* **Source material**
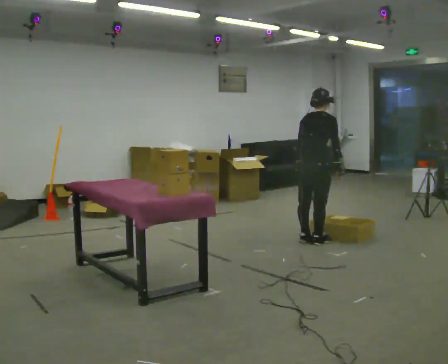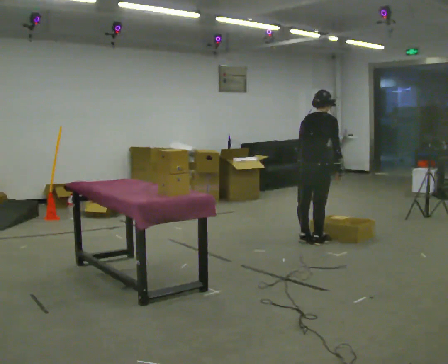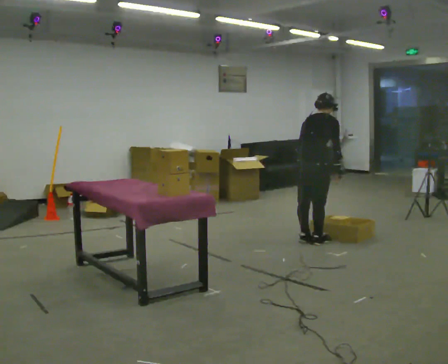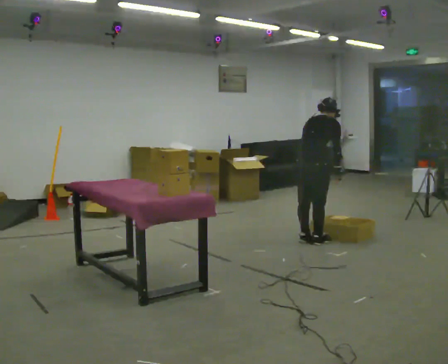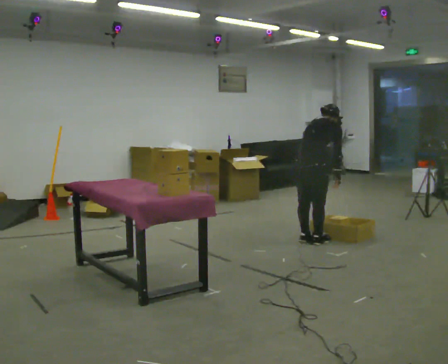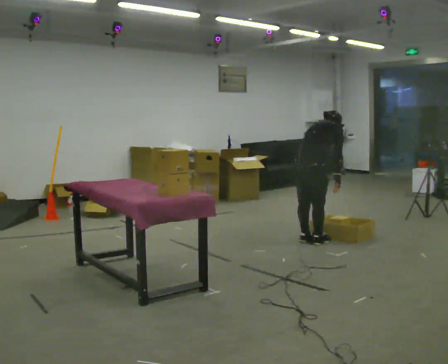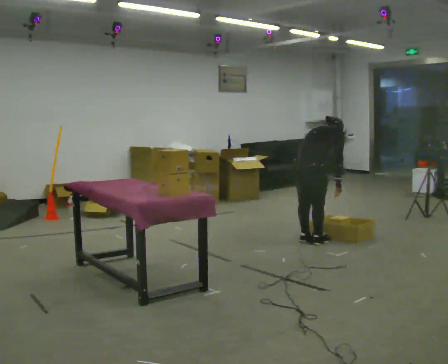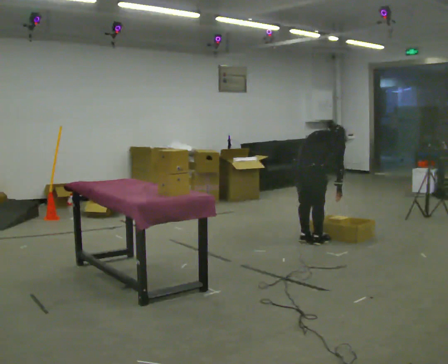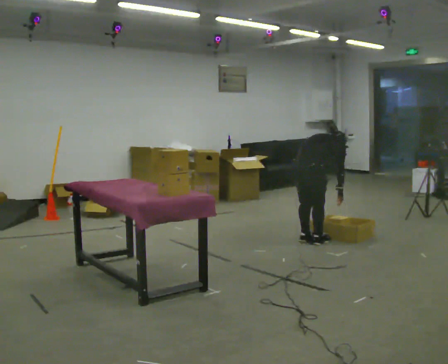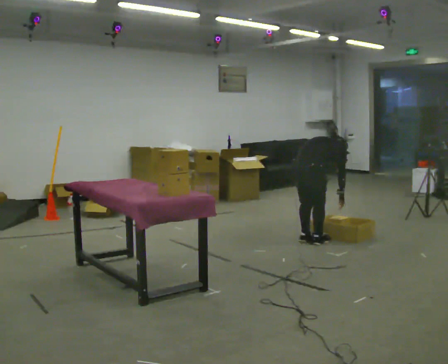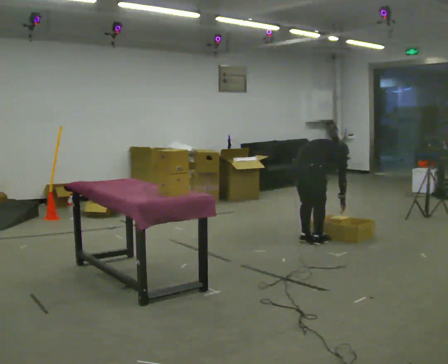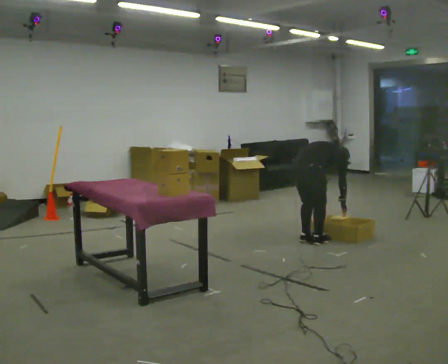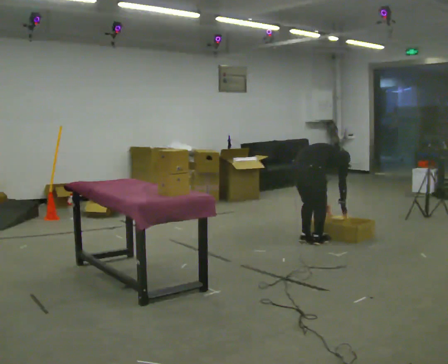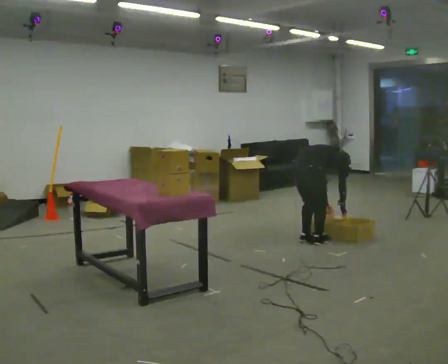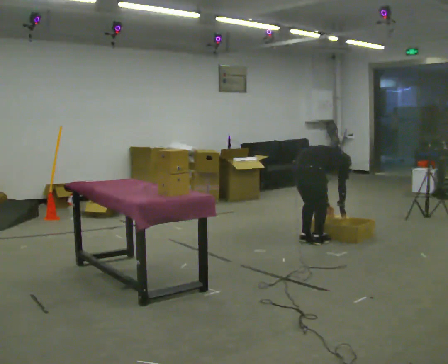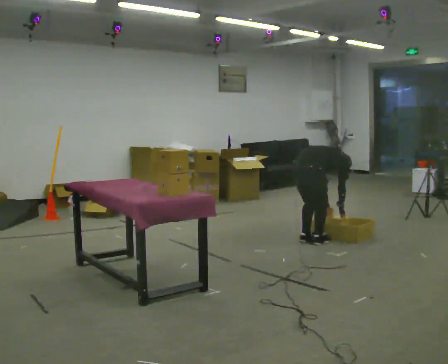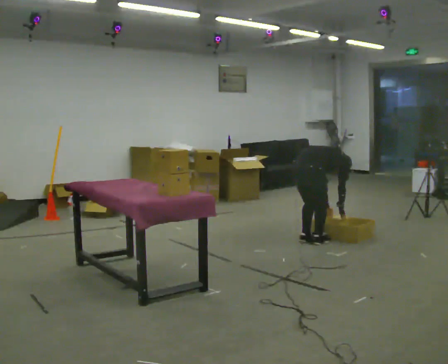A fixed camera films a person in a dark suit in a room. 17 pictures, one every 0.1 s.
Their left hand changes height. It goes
downward.
The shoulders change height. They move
downward.
0.0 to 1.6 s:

* **Exercise brief**
If an entry contains a picture, leave it out and repeat the rest exactly.

* **Exercise response**
A fixed camera films a person in a dark suit in a room. 17 pictures, one every 0.1 s.
Their left hand changes height. It goes
downward.
The shoulders change height. They move
downward.
0.0 to 1.6 s:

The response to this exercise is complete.